Going Long Hungarian Bonds? You Betcha

Business Monitor’s Emerging Europe team has been cautious regional financial markets over the past several weeks, holding a neutral position across asset classes in the company’s in-house market portfolio since June 12. The long equity positions the team had held through the end of March to early June continue to look shaky amid technical signs of consolidation or further sideways trading. With the equity market looking less convincing, the team has sought out opportunities in the fixed income market, where local debt securities, especially in central Europe (Hungary, Czech, Poland) have suddenly made major gains. As a result, the CEE team has jumped back into the market, initiating a long Hungarian 3-year treasury bond view when the yield was at 9.51%. Since then, the yield has fallen 26bps to 9.25%.

Hungary 3-year treasury bond, yield (%)

Hungary 3-year treasury bond, yield (%)

From a fundamental perspective, this call sounds counterintuitive. BMI has long cautioned that Hungary would be a regional underperformer while simultaneously stressing that expansionary fiscal policy would make government fixed income a particularly uninspiring investment. After all wasn’t it in Hungary that a government bond auction failed in Q408 sparking the financial crisis there?

To be sure, I’ll admit that the call didn’t seem to gel with some of the core macroeconomic views that had been presented for some time by the team, but the justifications for short-term gains are compelling. First, the technicals simply cannot be ignored. The 3-year treasury (and its 5-year counterpart) have smashed through 18-month trendline resistance at the end of June, pushing back into the single digits for the first time since December.

Second, the stabilisation of the financial markets globally over the past three months has significantly altered the short-term risk profile for Hungarian local debt. Namely, we have seen a marked stabilisation in the Hungarian forint which will be crucial for opening rate cuts by the National Bank of Hungary (NBH). Having to defend the currency after the October financial crisis has meant that Hungary is the only major economy in CEE to have not engaged in sharp monetary easing H109. Since the beginning of the year, Hungary has only cut by 25bps to bring its base rate to 9.50%, whereas Turkey has cut by 625bps (to 8.75%) and Poland by 75bps (to 3.75%). With the forint having appreciated by 15.5% since its record low in 2008, there are now increasingly dovish signals from the Hungarian monetary council, especially as aggregate demand remains in a sharp contractionary phase.

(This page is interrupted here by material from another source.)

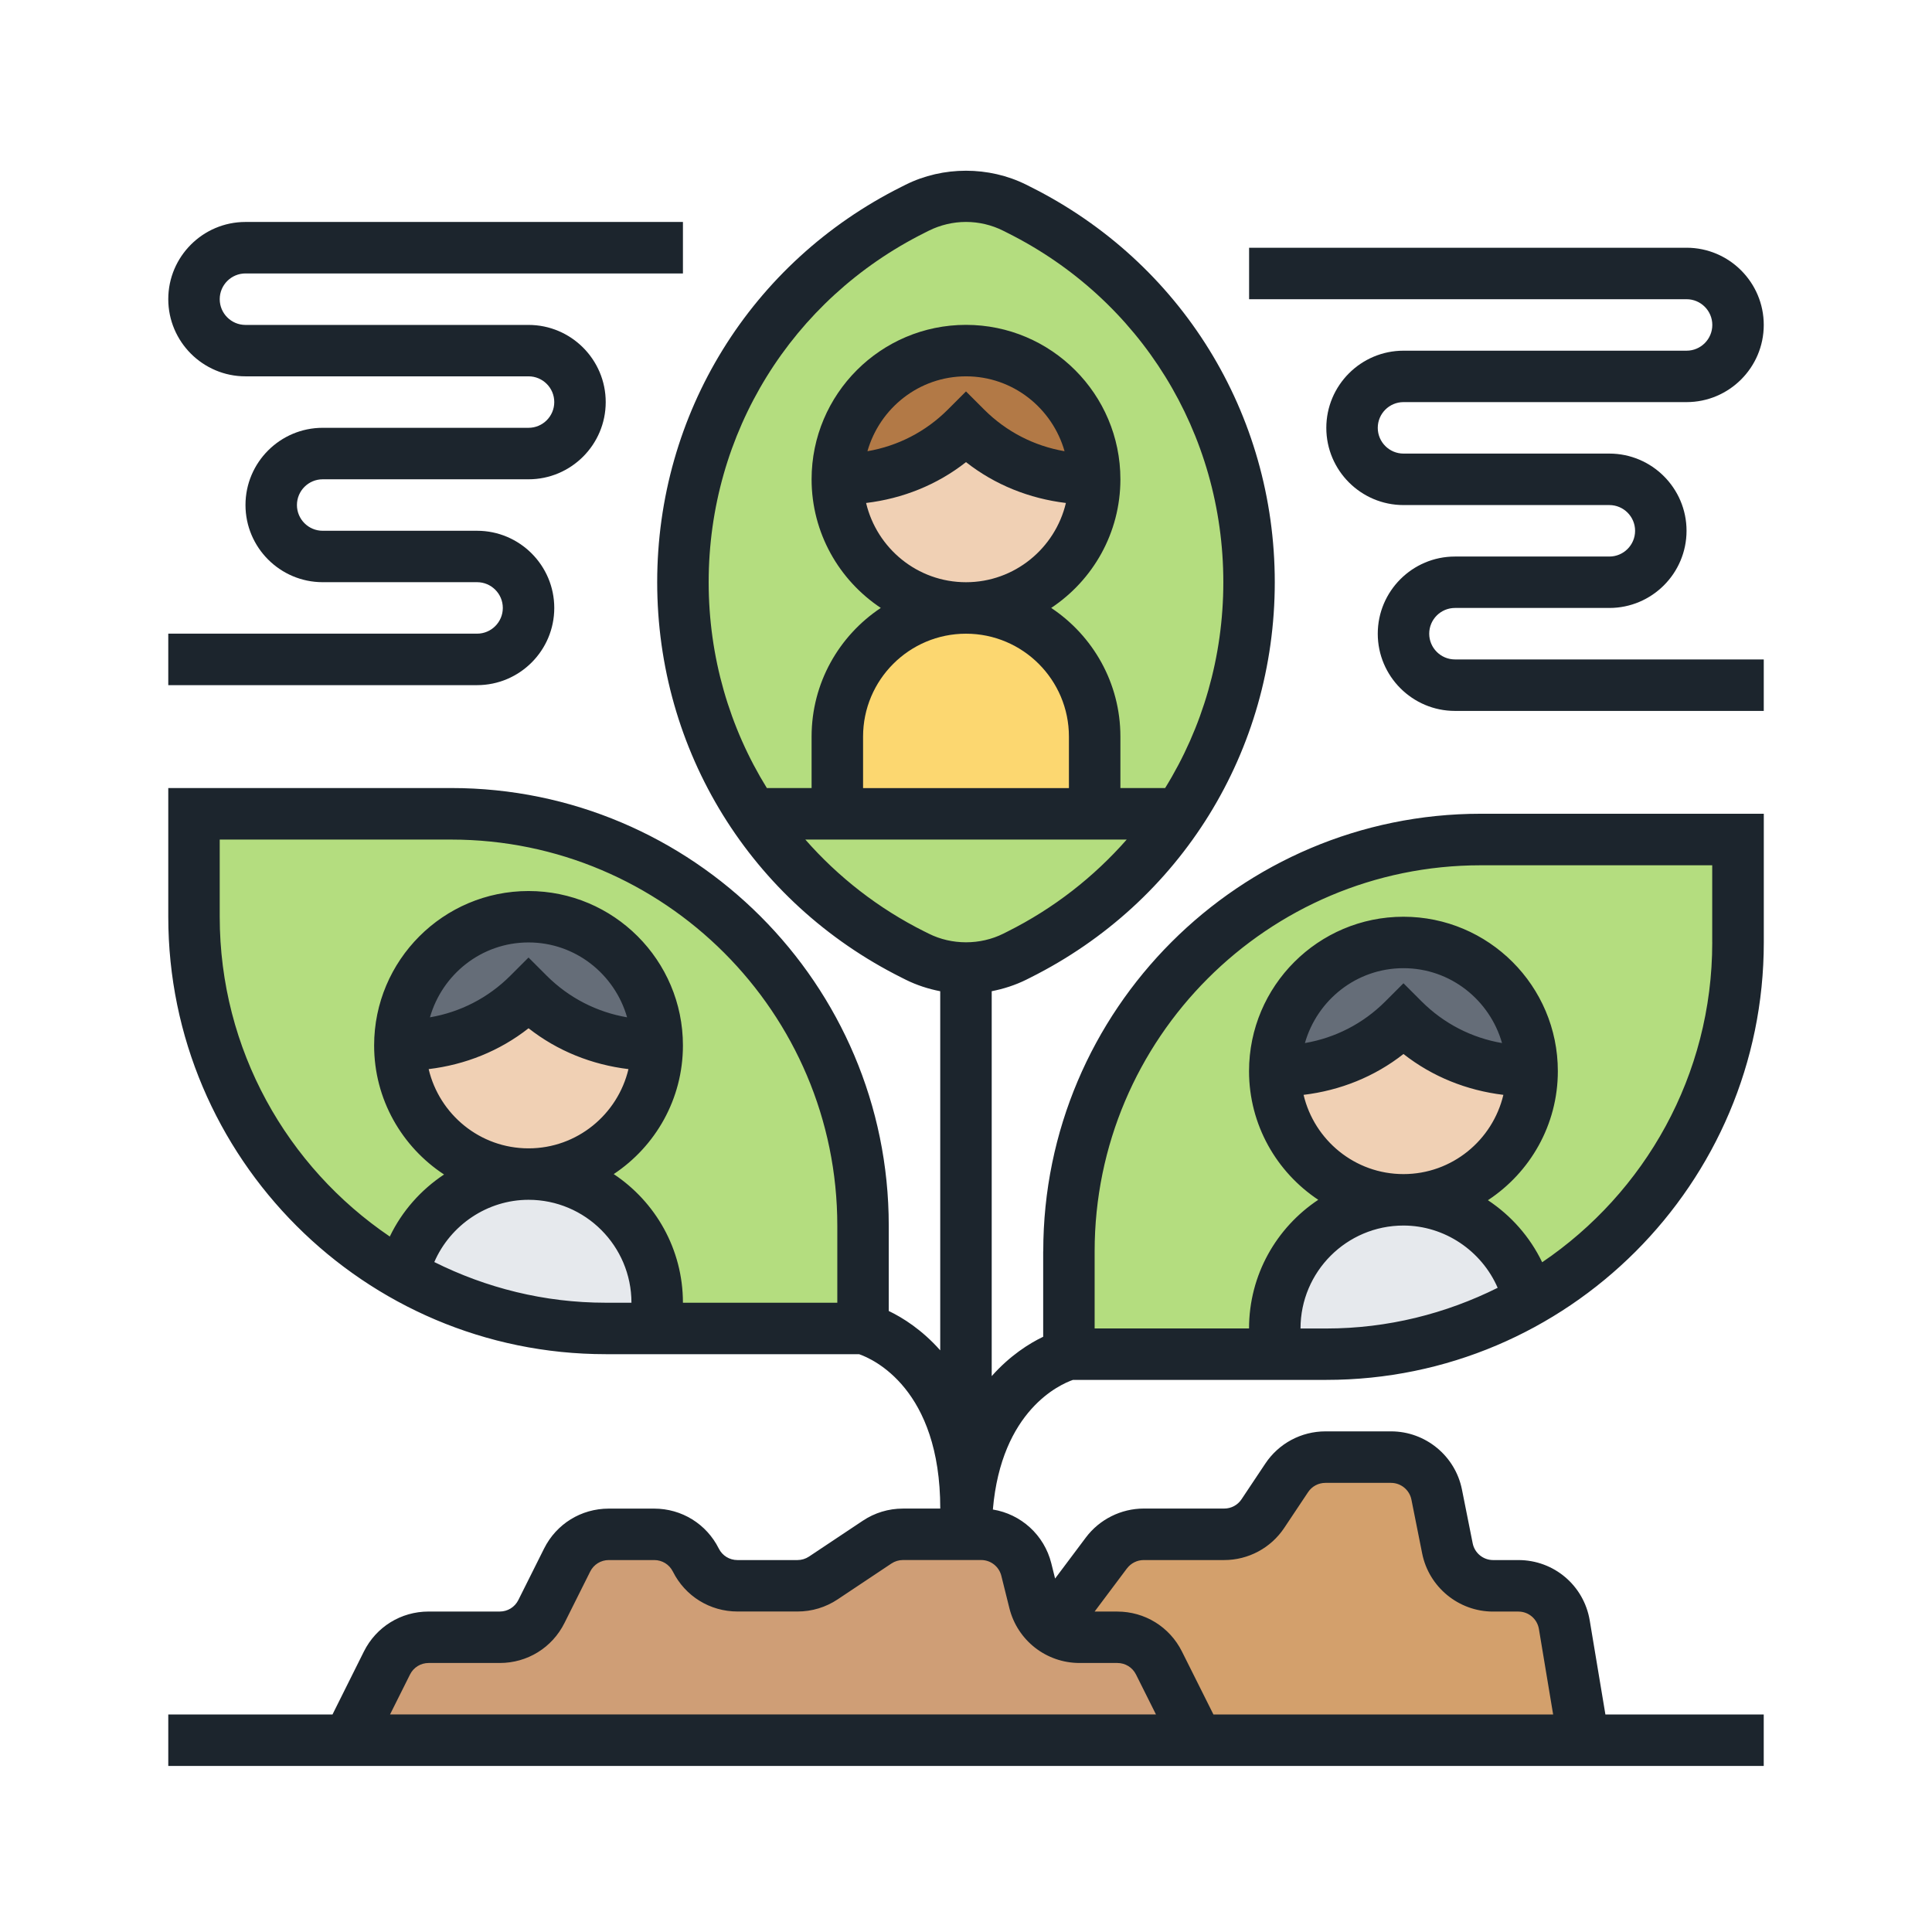 <svg xmlns="http://www.w3.org/2000/svg" id="Layer_1" data-name="Layer 1" viewBox="0 0 620 620"><defs><style>      .cls-1 {        fill: #656d78;      }      .cls-2 {        fill: #b4dd7f;      }      .cls-3 {        fill: #b27946;      }      .cls-4 {        fill: #f0d0b4;      }      .cls-5 {        fill: #cf9e76;      }      .cls-6 {        fill: #e6e9ed;      }      .cls-7 {        fill: #d3a06c;      }      .cls-8 {        fill: #1c252d;      }      .cls-9 {        fill: #fcd770;      }    </style></defs><g><path class="cls-7" d="M502,521.37l6.19,37.08h-123.87l-12.39-24.77c-2.56-5.04-7.68-8.26-13.38-8.26h-12.14c-3.47,0-6.69-1.16-9.25-3.22l17.92-23.87c2.81-3.72,7.27-5.95,11.89-5.95h25.85c5.04,0,9.66-2.48,12.47-6.69l7.6-11.4c2.81-4.21,7.43-6.69,12.47-6.69h21.06c7.1,0,13.21,5.04,14.62,11.97l3.47,17.34c1.4,6.94,7.51,11.97,14.62,11.97h8.18c7.27,0,13.54,5.29,14.7,12.47h0Z"></path><path class="cls-5" d="M337.17,522.2c2.56,2.06,5.78,3.22,9.25,3.22h12.14c5.7,0,10.82,3.22,13.38,8.26l12.39,24.77H111.81l12.39-24.77c2.56-5.04,7.68-8.26,13.38-8.26h22.79c5.7,0,10.82-3.22,13.38-8.26l8.26-16.52c2.56-5.04,7.68-8.26,13.38-8.26h14.53c5.7,0,10.82,3.22,13.38,8.26s7.68,8.26,13.38,8.26h19.24c2.97,0,5.86-.91,8.34-2.48l17.18-11.56c2.48-1.57,5.37-2.48,8.34-2.48h25.1c6.85,0,12.8,4.62,14.45,11.31l2.64,10.41c.83,3.3,2.64,6.11,5.2,8.09h0Z"></path><path class="cls-2" d="M380.85,116.55c-12.72-20.73-31.22-37.9-53.84-49.22l-1.4-.66c-4.79-2.48-10.16-3.72-15.61-3.72s-10.82,1.24-15.61,3.72l-1.4.66c-45.25,22.63-73.83,68.87-73.83,119.5,0,25.27,7.1,49.55,19.98,70.28.83,1.4,1.73,2.73,2.73,4.05,12.47,18.91,29.98,34.6,51.12,45.17l1.4.66c4.79,2.48,10.16,3.72,15.61,3.72s10.82-1.24,15.61-3.72l1.4-.66c21.14-10.57,38.65-26.26,51.12-45.17,14.62-21.64,22.71-47.32,22.71-74.32,0-25.27-7.1-49.55-19.98-70.28Z"></path><path class="cls-2" d="M475.16,269.42c-73,0-132.13,59.13-132.13,132.13v33.03h66.06v-8.26c0-22.79,18.5-41.29,41.29-41.29,19.74,0,36.17,13.87,40.3,32.37v.08c40.05-22.71,67.06-65.73,67.06-115.03v-33.03h-82.58Z"></path><path class="cls-2" d="M144.84,261.16H62.26v33.03c0,49.3,27,92.33,67.06,115.03v-.08c4.13-18.5,20.56-32.37,40.3-32.37,22.79,0,41.29,18.5,41.29,41.29v8.26h66.06v-33.03c0-73.01-59.13-132.13-132.13-132.13h0Z"></path><path class="cls-6" d="M490.69,417.4v.08c-19.24,10.9-41.37,17.09-65.07,17.09h-16.52v-8.26c0-22.79,18.5-41.29,41.29-41.29,19.74,0,36.17,13.87,40.3,32.37h0Z"></path><path class="cls-6" d="M210.9,418.07v8.26h-16.52c-23.7,0-45.83-6.19-65.07-17.09v-.08c4.13-18.5,20.56-32.37,40.3-32.37,22.79,0,41.29,18.5,41.29,41.29h0Z"></path><path class="cls-9" d="M351.29,236.39v24.77h-82.58v-24.77c0-22.79,18.5-41.29,41.29-41.29,11.4,0,21.72,4.62,29.23,12.06,7.43,7.51,12.06,17.84,12.06,29.23h0Z"></path><path class="cls-4" d="M410.5,343.74c14.95,0,29.32-5.95,39.89-16.52,10.57,10.57,24.94,16.52,39.89,16.52h1.4c0,22.79-18.5,41.29-41.29,41.29s-41.29-18.5-41.29-41.29h1.4Z"></path><path class="cls-4" d="M349.89,153.81h1.4c0,22.79-18.5,41.29-41.29,41.29s-41.29-18.5-41.29-41.29h1.4c14.95,0,29.32-5.95,39.89-16.52,10.57,10.57,24.94,16.52,39.89,16.52Z"></path><path class="cls-4" d="M209.5,335.48h1.4c0,22.79-18.5,41.29-41.29,41.29s-41.29-18.5-41.29-41.29h1.4c14.95,0,29.32-5.95,39.89-16.52,10.57,10.57,24.94,16.52,39.89,16.52Z"></path><path class="cls-1" d="M450.39,302.45c22.79,0,41.29,18.5,41.29,41.29h-1.4c-14.95,0-29.32-5.95-39.89-16.52-10.57,10.57-24.94,16.52-39.89,16.52h-1.4c0-22.79,18.5-41.29,41.29-41.29h0Z"></path><path class="cls-1" d="M169.61,294.19c22.79,0,41.29,18.5,41.29,41.29h-1.4c-14.95,0-29.32-5.95-39.89-16.52-10.57,10.57-24.94,16.52-39.89,16.52h-1.4c0-22.79,18.5-41.29,41.29-41.29h0Z"></path><path class="cls-3" d="M310,112.52c22.79,0,41.29,18.5,41.29,41.29h-1.4c-14.95,0-29.32-5.95-39.89-16.52-10.57,10.57-24.94,16.52-39.89,16.52h-1.4c0-22.79,18.5-41.29,41.29-41.29h0Z"></path></g><g><path class="cls-8" d="M334.77,401.55v27.43c-4.48,2.14-10.66,6.03-16.52,12.63v-123.52c3.84-.75,7.59-1.96,11.1-3.7l1.31-.66c48.38-24.19,78.43-72.81,78.43-126.89s-30.05-102.71-78.41-126.89l-1.35-.68c-11.95-5.97-26.7-5.98-38.69,0l-1.31.66c-48.38,24.19-78.43,72.81-78.43,126.9s30.05,102.71,78.41,126.89l1.35.68c3.49,1.74,7.24,2.95,11.07,3.7v115.24c-5.85-6.6-12.04-10.49-16.52-12.63v-27.43c0-77.41-62.98-140.39-140.39-140.39H54v41.29c0,77.41,62.98,140.39,140.39,140.39h81.3c4.45,1.55,26.05,11.07,26.05,49.55h-11.99c-4.6,0-9.05,1.35-12.87,3.9l-17.26,11.5c-1.1.73-2.38,1.12-3.7,1.12h-19.27c-2.55,0-4.84-1.41-5.98-3.69-3.96-7.91-11.91-12.82-20.75-12.82h-14.57c-8.84,0-16.8,4.91-20.75,12.82l-8.26,16.52c-1.14,2.28-3.43,3.69-5.98,3.69h-22.83c-8.84,0-16.8,4.91-20.75,12.82l-10.08,20.21h-52.7v16.52h512v-16.52h-50.81l-5.03-30.17c-1.87-11.22-11.5-19.38-22.88-19.38h-8.13c-3.17,0-5.93-2.25-6.55-5.37l-3.45-17.28c-2.16-10.81-11.73-18.65-22.74-18.65h-21.05c-7.77,0-14.99,3.86-19.3,10.33l-7.65,11.47c-1.24,1.87-3.32,2.97-5.56,2.97h-25.82c-7.26,0-14.2,3.47-18.56,9.28l-9.88,13.18-1.22-4.9c-2.28-9.1-9.73-15.78-18.75-17.25,2.73-31.87,21.58-40.17,25.71-41.6h81.3c77.41,0,140.39-62.98,140.39-140.39v-41.29h-90.84c-77.41,0-140.39,62.97-140.39,140.39h0ZM139.37,405.01c5.14-11.85,17-19.98,30.24-19.98,18.22,0,33.03,14.81,33.03,33.03h-8.26c-19.78,0-38.42-4.78-55.02-13.06ZM137.56,343.09c11.73-1.41,22.78-5.81,32.06-13.11,9.29,7.3,20.33,11.69,32.06,13.11-3.45,14.54-16.47,25.43-32.06,25.43s-28.61-10.88-32.06-25.43ZM137.98,326.47c3.95-13.82,16.56-24.03,31.63-24.03s27.68,10.21,31.63,24.03c-9.71-1.67-18.67-6.24-25.79-13.35l-5.84-5.84-5.84,5.84c-7.12,7.12-16.08,11.69-25.79,13.35ZM268.71,418.07h-49.55c0-17.23-8.84-32.4-22.21-41.29,13.38-8.89,22.21-24.06,22.21-41.29,0-27.33-22.22-49.55-49.55-49.55s-49.55,22.22-49.55,49.55c0,17.32,8.94,32.56,22.44,41.42-7.42,4.92-13.49,11.74-17.41,19.91-32.91-22.29-54.58-59.97-54.58-102.62v-24.77h74.32c68.3,0,123.87,55.57,123.87,123.87v24.77ZM296.74,74.7l1.31-.66c3.69-1.84,7.82-2.82,11.95-2.82s8.26.97,11.93,2.82l1.35.68c42.75,21.36,69.3,64.32,69.3,112.12,0,23.93-6.66,46.66-18.68,66.06h-14.35v-16.52c0-17.23-8.84-32.4-22.21-41.29,13.38-8.89,22.21-24.06,22.21-41.29,0-27.33-22.22-49.55-49.55-49.55s-49.55,22.22-49.55,49.55c0,17.23,8.84,32.4,22.21,41.29-13.38,8.89-22.21,24.06-22.21,41.29v16.52h-14.35c-12.02-19.41-18.68-42.13-18.68-66.06,0-47.8,26.55-90.76,69.32-112.14h0ZM310,203.36c18.22,0,33.03,14.81,33.03,33.03v16.52h-66.06v-16.52c0-18.23,14.81-33.03,33.03-33.03ZM277.94,161.41c11.73-1.41,22.78-5.81,32.06-13.11,9.29,7.3,20.33,11.69,32.06,13.11-3.45,14.54-16.47,25.43-32.06,25.43s-28.61-10.88-32.06-25.43ZM278.37,144.8c3.95-13.82,16.56-24.03,31.63-24.03s27.68,10.21,31.63,24.03c-9.71-1.67-18.67-6.24-25.79-13.35l-5.84-5.84-5.84,5.84c-7.12,7.12-16.08,11.69-25.79,13.35h0ZM296.72,298.96c-14.9-7.44-27.77-17.56-38.29-29.54h103.15c-10.53,11.98-23.4,22.1-38.31,29.55l-1.31.66c-7.4,3.69-16.53,3.68-23.89,0l-1.35-.68ZM361.67,503.31c1.26-1.67,3.25-2.67,5.34-2.67h25.82c7.77,0,14.99-3.86,19.3-10.33l7.65-11.47c1.24-1.87,3.32-2.97,5.56-2.97h21.05c3.17,0,5.93,2.25,6.55,5.37l3.45,17.28c2.16,10.81,11.73,18.65,22.74,18.65h8.13c3.28,0,6.04,2.35,6.59,5.58l4.57,27.45h-109.01l-10.11-20.21c-3.96-7.91-11.91-12.82-20.75-12.82h-7.28l10.38-13.85ZM321.34,505.7l2.59,10.41c2.59,10.34,11.85,17.56,22.51,17.56h12.13c2.55,0,4.84,1.41,5.98,3.69l6.41,12.82H125.17l6.41-12.82c1.14-2.28,3.43-3.69,5.98-3.69h22.83c8.84,0,16.8-4.91,20.75-12.82l8.26-16.52c1.14-2.28,3.43-3.69,5.98-3.69h14.57c2.55,0,4.84,1.41,5.98,3.69,3.96,7.91,11.91,12.82,20.75,12.82h19.27c4.6,0,9.05-1.35,12.87-3.9l17.25-11.5c1.1-.73,2.38-1.12,3.7-1.12h25.1c3.06,0,5.72,2.08,6.47,5.06h0ZM417.35,426.32c0-18.22,14.81-33.03,33.03-33.03,13.24,0,25.1,8.13,30.24,19.98-16.6,8.27-35.24,13.06-55.02,13.06h-8.26ZM418.33,351.35c11.73-1.41,22.78-5.81,32.06-13.11,9.29,7.3,20.33,11.69,32.06,13.11-3.45,14.54-16.47,25.43-32.06,25.43s-28.61-10.88-32.06-25.43ZM418.76,334.73c3.95-13.82,16.56-24.03,31.63-24.03s27.68,10.21,31.63,24.03c-9.71-1.67-18.67-6.24-25.79-13.35l-5.84-5.84-5.84,5.84c-7.12,7.12-16.08,11.69-25.79,13.35ZM549.48,302.45c0,42.65-21.67,80.33-54.58,102.62-3.93-8.17-9.98-14.99-17.41-19.91,13.49-8.86,22.44-24.11,22.44-41.42,0-27.33-22.22-49.55-49.55-49.55s-49.55,22.22-49.55,49.55c0,17.23,8.84,32.4,22.21,41.29-13.38,8.89-22.21,24.06-22.21,41.29h-49.55v-24.77c0-68.3,55.57-123.87,123.87-123.87h74.32v24.77Z"></path><path class="cls-8" d="M458.65,203.36c0-4.56,3.71-8.26,8.26-8.26h49.55c13.66,0,24.77-11.12,24.77-24.77s-11.12-24.77-24.77-24.77h-66.06c-4.55,0-8.26-3.7-8.26-8.26s3.71-8.26,8.26-8.26h90.84c13.66,0,24.77-11.12,24.77-24.77s-11.12-24.77-24.77-24.77h-140.39v16.52h140.39c4.55,0,8.26,3.7,8.26,8.26s-3.71,8.26-8.26,8.26h-90.84c-13.66,0-24.77,11.12-24.77,24.77s11.12,24.77,24.77,24.77h66.06c4.55,0,8.26,3.7,8.26,8.26s-3.71,8.26-8.26,8.26h-49.55c-13.66,0-24.77,11.12-24.77,24.77s11.12,24.77,24.77,24.77h99.1v-16.52h-99.1c-4.55,0-8.26-3.71-8.26-8.26Z"></path><path class="cls-8" d="M177.87,195.1c0-13.66-11.12-24.77-24.77-24.77h-49.55c-4.55,0-8.26-3.7-8.26-8.26s3.71-8.26,8.26-8.26h66.06c13.66,0,24.77-11.12,24.77-24.77s-11.12-24.77-24.77-24.77h-90.84c-4.55,0-8.26-3.7-8.26-8.26s3.71-8.26,8.26-8.26h140.39v-16.52H78.77c-13.66,0-24.77,11.12-24.77,24.77s11.12,24.77,24.77,24.77h90.84c4.55,0,8.26,3.7,8.26,8.26s-3.71,8.26-8.26,8.26h-66.06c-13.66,0-24.77,11.12-24.77,24.77s11.12,24.77,24.77,24.77h49.55c4.55,0,8.26,3.7,8.26,8.26s-3.71,8.26-8.26,8.26H54v16.52h99.1c13.66,0,24.77-11.12,24.77-24.77Z"></path></g></svg>

To be sure, the opportunity in Hungarian fixed income reflects the greater potential in the market as investors price out the crisis risks they had originally priced in during the fourth quarter. Of course, big caveats remain and I do not intend on ignoring the core macroeconomic view for the country, which remains very weak. Fiscal concerns remain prominent and ultimately, I cannot see the NBH being able to cut aggressively as risks of another forint sell-off continue into 2010. While I see solid scope for yield compression towards 8.0%, I don’t see a break lower than that.